The problem of deploying most reinforcement learning algorithms to robots starts with the built-in assumption that the data they learn from is independent and uniformly distributed. In this context, independence means that the value of one variable does not depend on the value of another variable in the dataset—when you flip a coin twice, getting tails on the second try depends on the outcome of your first flip. It doesn't happen. . A uniform distribution means that the probability of seeing a particular outcome is the same. In the coin flip example, the probability of getting heads is the same as getting tails: 50 percent for each.

In virtual, decentralized systems, such as YouTube's recommendation algorithm, this kind of data is easy to obtain because most of the time it meets these requirements right off the bat. “You have a group of users of a website, and you get data from one of them, and then you get data from another website. Most likely, those two users are from the same household. I'm not, they're not highly correlated. They could be, but it's very unlikely,” says Todd Murphy, a professor of mechanical engineering at Northwestern.

The problem is, if those two users were related to each other and were in the same household, it's possible that one of them saw the video, it's possible that their family member saw it and Asked to see it. This would violate independence requirements and compromise learning.

“In a robot, it's usually not possible to have this independent, uniformly distributed data. You exist at a particular point in space and time when you're embodied, so your experiences are not necessarily the same. To solve this, her team designed an algorithm that randomly forces the robot to make as many adventures as possible in order to learn. Widest collection available.

Two flavors of entropy.

The idea itself is not new. About two decades ago, people in AI discovered algorithms, such as Maximum Entropy Reinforcement Learning (MaxEnt RL), that worked through random actions during training. “The hope was that when you take as many diverse actions as possible, you'll find a more diverse set of possible futures. The problem is that those actions don't exist in a vacuum,” Berrueta claims.
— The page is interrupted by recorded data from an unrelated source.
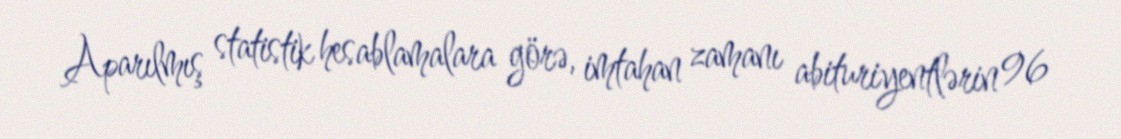
Aparılmış statistik hesablamalara görə, imtahan zamanı abituriyentlərin 96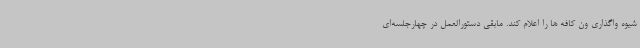
شیوه واگذاری ون کافه ها را اعلام کند. مابقی دستورالعمل در چهارجلسه‌ای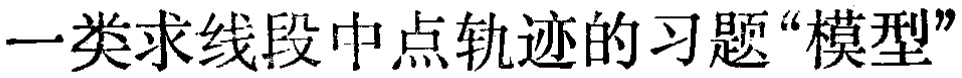
一类求线段中点轨迹的习题“模型”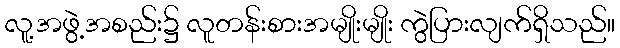
လူ့အဖွဲ့အစည်း၌ လူတန်းစားအမျိုးမျိုး ကွဲပြားလျက်ရှိသည်။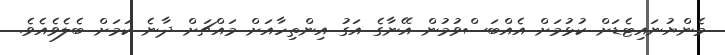
މެންޔުނައިޓެޑަށް ކުޅުމަށް އެއްބަސްވުމުން އޭނާގެ އަގު އިންތިހާއަށް މައްޗަށް ދާނެ ކަމަށް ބެލެވެއެވެ.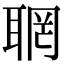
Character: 𦖉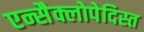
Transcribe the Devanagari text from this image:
एन्सैक्लोपेदिस्त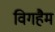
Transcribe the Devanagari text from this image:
विगहैम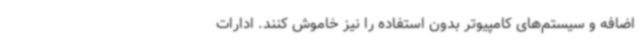
اضافه و سیستم‌های کامپیوتر بدون استفاده را نیز خاموش کنند. ادارات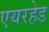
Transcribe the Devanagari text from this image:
एयरहेड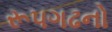
રૂ૫ગઢનો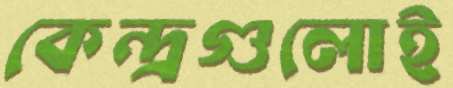
কেন্দ্রগুলোই
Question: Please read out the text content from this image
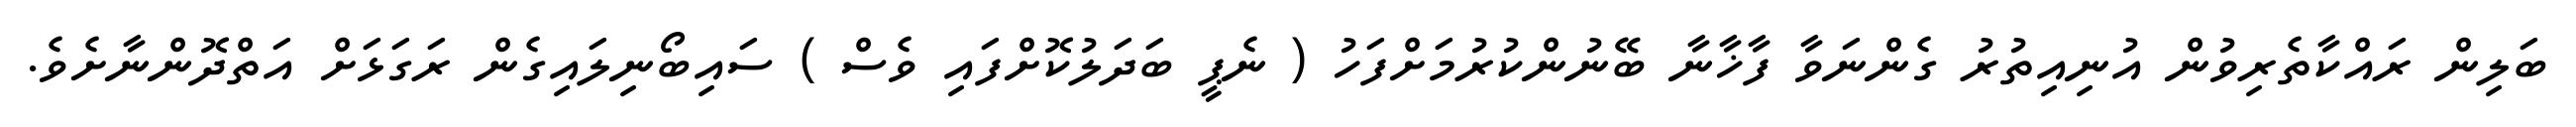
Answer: ބަލިން ރައްކާތެރިވުން އުނިއިތުރު ގެންނަވާ ފާޚާނާ ބޭނުންކުރުމަށްފަހު ( ނެޕީ ބަދަލުކޮށްފައި ވެސް ) ސައިބޯނިލައިގެން ރަގަޅަށް އަތްދޮންނާށެވެ.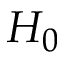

Every action a robot takes has some kind of effect on its environment and its own state—ignoring these effects entirely is often problematic. Simply put, an autonomous car that was teaching itself how to drive using this approach might park gracefully in your driveway but would be just as likely to hit a wall at full speed.
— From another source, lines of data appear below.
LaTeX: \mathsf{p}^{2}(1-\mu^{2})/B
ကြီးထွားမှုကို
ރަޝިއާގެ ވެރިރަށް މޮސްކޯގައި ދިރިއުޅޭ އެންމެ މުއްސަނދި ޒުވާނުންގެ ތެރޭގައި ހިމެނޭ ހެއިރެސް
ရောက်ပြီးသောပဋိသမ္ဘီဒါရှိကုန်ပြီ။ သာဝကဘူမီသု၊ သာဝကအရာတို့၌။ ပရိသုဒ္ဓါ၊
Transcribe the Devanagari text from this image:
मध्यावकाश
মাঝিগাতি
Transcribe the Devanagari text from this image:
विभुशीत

To solve this, Berrueta's team moved away from maximizing the diversity of actions to maximizing the diversity of state transitions. Robots powered by MaxDiff RL did not randomly observe their robotic pairs to see what it would do. Instead, they visualize goals such as “Can I get to this point ahead of me” and then try to figure out what steps will get them there safely.

Berrueta and his colleagues achieved this through something called ergodicity, a mathematical concept that states that a point in a moving system will eventually visit all parts of space where the system moves. Basically, MaxDiff RL encouraged robots to achieve every available state. their environment. And the results of the first test in a simulated environment were quite surprising.

Racing Pool Noodles

“Reinforcement learning has standard benchmarks against which people run their algorithms so we have a good way to compare different algorithms on a standard framework,” says Alison Panowski, a researcher at Northwestern and co-author of the MaxDiff RL study. be.” One of these criteria is a synthetic swimmer: a three-link body resting on land in a viscous environment that needs to learn to swim as fast as possible in a certain direction.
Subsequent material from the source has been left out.